### What you will do
Lines containing "shelter" should be pulled from the material below.

### Dataset records

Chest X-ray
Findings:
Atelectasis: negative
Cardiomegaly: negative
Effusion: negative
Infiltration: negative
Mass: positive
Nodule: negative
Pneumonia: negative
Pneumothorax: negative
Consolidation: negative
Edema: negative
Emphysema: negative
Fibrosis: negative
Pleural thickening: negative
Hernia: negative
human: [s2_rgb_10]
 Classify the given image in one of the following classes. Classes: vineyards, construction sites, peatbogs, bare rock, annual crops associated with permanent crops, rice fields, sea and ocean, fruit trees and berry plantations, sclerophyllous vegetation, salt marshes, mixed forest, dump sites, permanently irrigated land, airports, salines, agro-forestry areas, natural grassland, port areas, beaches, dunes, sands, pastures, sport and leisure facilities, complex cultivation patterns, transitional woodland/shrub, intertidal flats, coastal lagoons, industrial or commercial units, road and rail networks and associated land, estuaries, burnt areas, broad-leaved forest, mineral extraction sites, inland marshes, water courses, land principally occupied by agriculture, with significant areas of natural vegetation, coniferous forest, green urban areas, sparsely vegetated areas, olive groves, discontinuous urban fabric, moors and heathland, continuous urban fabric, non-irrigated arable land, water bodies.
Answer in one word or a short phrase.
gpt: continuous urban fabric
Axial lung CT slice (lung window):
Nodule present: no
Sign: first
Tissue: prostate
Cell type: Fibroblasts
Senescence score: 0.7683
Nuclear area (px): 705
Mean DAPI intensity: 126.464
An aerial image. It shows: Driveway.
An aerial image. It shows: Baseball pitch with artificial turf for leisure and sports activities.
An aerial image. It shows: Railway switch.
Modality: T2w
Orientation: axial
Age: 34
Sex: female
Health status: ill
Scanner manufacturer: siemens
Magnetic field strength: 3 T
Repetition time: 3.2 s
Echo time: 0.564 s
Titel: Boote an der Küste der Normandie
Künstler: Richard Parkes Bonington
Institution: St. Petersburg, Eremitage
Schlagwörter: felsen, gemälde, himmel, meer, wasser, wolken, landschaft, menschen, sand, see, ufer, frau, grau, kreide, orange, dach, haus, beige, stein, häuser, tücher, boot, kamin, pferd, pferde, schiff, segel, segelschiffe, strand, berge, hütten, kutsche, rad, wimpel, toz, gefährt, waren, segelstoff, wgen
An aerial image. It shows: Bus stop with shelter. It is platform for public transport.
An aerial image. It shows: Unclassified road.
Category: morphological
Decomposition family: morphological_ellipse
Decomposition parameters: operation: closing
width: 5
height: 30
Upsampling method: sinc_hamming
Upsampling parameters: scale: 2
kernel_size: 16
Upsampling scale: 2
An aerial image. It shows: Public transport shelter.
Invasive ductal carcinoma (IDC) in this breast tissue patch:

### Answer section
An aerial image. It shows: Bus stop with shelter. It is platform for public transport.
An aerial image. It shows: Public transport shelter.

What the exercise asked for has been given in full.